Children whose families own dogs are more active than those without, according to new research. Researchers from St George's, University of London studied 2,065 children aged nine to ten, and found that children from dog-owning families have higher levels of physical activity compared to children without.
The team says owning a dog could encourage more children to be active, and help combat rising childhood obesity.
The researchers, led by Dr Christopher Owen, senior lecturer in epidemiology at St George's, used activity monitors to record the children's daily movement levels over seven days. They studied children aged nine and ten in 78 schools in London, Birmingham and Leicester. Of the total participants, 202 (around ten per cent) owned dogs.
The results -- published in the American Journal of Public Health -- showed that the children with dogs spent an average of 325 minutes doing physical activity per day, 11 more than those without dogs. This included time spent in light, moderate, moderate to vigorous, and vigorous activity. Dog owners also spent 11 minutes less (562 altogether) in sedentary behaviour each day. They were found to take 360 more steps (four per cent) than the others.
Dr Owen said: "The more active lifestyles of children from dog-owning families is really interesting -- is it that owning a dog makes you more active or that more active families choose to have a dog? It's a bit of a chicken and egg question. Long-term studies are needed to answer it, but it may be a bit of both."
"Previous studies have compared adult activity levels before and after getting a dog, and found that they do become more active afterwards. This study is novel in showing that children who have a dog are more active, but, again, long term studies are needed to see if the effect is seen before and after owning a dog."

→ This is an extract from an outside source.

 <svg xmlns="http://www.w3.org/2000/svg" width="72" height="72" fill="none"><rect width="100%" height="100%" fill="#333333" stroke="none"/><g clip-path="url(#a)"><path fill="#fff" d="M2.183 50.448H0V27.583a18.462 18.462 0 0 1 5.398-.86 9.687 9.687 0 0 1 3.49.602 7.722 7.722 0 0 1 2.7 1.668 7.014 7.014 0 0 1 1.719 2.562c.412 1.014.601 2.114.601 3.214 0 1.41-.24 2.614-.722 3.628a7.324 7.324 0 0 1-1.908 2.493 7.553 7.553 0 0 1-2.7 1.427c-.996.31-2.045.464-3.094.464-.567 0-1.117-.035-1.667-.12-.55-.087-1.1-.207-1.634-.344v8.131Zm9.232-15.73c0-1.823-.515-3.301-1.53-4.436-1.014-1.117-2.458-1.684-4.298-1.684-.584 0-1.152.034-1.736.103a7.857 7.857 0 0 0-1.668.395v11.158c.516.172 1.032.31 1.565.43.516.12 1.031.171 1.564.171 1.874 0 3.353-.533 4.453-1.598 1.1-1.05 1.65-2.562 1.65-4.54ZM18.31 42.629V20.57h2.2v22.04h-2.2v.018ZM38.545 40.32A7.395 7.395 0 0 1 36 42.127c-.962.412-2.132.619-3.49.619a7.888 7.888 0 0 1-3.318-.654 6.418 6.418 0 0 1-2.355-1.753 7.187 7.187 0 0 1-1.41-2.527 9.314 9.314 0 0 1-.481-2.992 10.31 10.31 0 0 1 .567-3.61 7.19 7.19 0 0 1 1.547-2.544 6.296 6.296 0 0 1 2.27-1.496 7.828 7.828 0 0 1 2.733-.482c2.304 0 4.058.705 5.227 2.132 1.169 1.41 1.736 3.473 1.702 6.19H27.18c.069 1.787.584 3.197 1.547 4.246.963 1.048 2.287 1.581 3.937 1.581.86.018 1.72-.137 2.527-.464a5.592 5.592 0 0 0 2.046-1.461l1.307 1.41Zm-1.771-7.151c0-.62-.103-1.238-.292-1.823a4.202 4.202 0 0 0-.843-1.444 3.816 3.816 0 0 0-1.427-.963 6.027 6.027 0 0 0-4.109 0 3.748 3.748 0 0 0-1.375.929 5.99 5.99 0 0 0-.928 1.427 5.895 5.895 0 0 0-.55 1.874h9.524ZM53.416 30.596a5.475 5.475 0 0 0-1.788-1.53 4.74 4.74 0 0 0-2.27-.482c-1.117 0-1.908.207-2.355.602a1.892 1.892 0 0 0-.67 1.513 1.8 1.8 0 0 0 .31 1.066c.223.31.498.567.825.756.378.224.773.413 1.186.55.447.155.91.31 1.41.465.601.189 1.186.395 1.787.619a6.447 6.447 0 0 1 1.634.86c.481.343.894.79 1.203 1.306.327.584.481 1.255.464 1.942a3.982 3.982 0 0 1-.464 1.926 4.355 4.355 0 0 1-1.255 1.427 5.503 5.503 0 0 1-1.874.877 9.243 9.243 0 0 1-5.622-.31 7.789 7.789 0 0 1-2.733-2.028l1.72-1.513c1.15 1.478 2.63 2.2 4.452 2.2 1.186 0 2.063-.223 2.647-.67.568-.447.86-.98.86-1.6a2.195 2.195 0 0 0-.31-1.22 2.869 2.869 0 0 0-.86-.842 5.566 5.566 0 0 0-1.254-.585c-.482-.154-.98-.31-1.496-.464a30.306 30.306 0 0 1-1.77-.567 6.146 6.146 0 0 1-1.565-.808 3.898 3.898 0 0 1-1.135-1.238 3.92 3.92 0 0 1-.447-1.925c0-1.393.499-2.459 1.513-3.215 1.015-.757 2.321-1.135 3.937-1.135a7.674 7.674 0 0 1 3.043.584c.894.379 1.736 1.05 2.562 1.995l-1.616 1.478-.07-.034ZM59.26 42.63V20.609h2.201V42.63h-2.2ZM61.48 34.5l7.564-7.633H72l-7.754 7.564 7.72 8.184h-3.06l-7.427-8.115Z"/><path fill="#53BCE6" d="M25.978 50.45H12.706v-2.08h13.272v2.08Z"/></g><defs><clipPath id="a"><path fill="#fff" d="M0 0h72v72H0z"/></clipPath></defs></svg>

Adults who own dogs take 1,700 more steps a day on average than non-dog owners -- a 25 per cent difference. The latest study says that the smaller difference in children with dogs compared to adults with dogs is 'unsurprising', and suggests that the physical activity they take with their dogs probably makes up less of their overall level of activity than adults'. Dr Owen added that further work is needed to determine how much of dog-owning children's physical activity is actually undertaken with their pet.
He said: "If children really are going for walkies with their dog, this may be one way to encourage more kids to be active."
The study was carried out as part of the Child Heart And health Study in England (CHASE), a St George's project examining the health of about 5,000 primary school children living in London and the Midlands. The study is being undertaken with the support of the Wellcome Trust.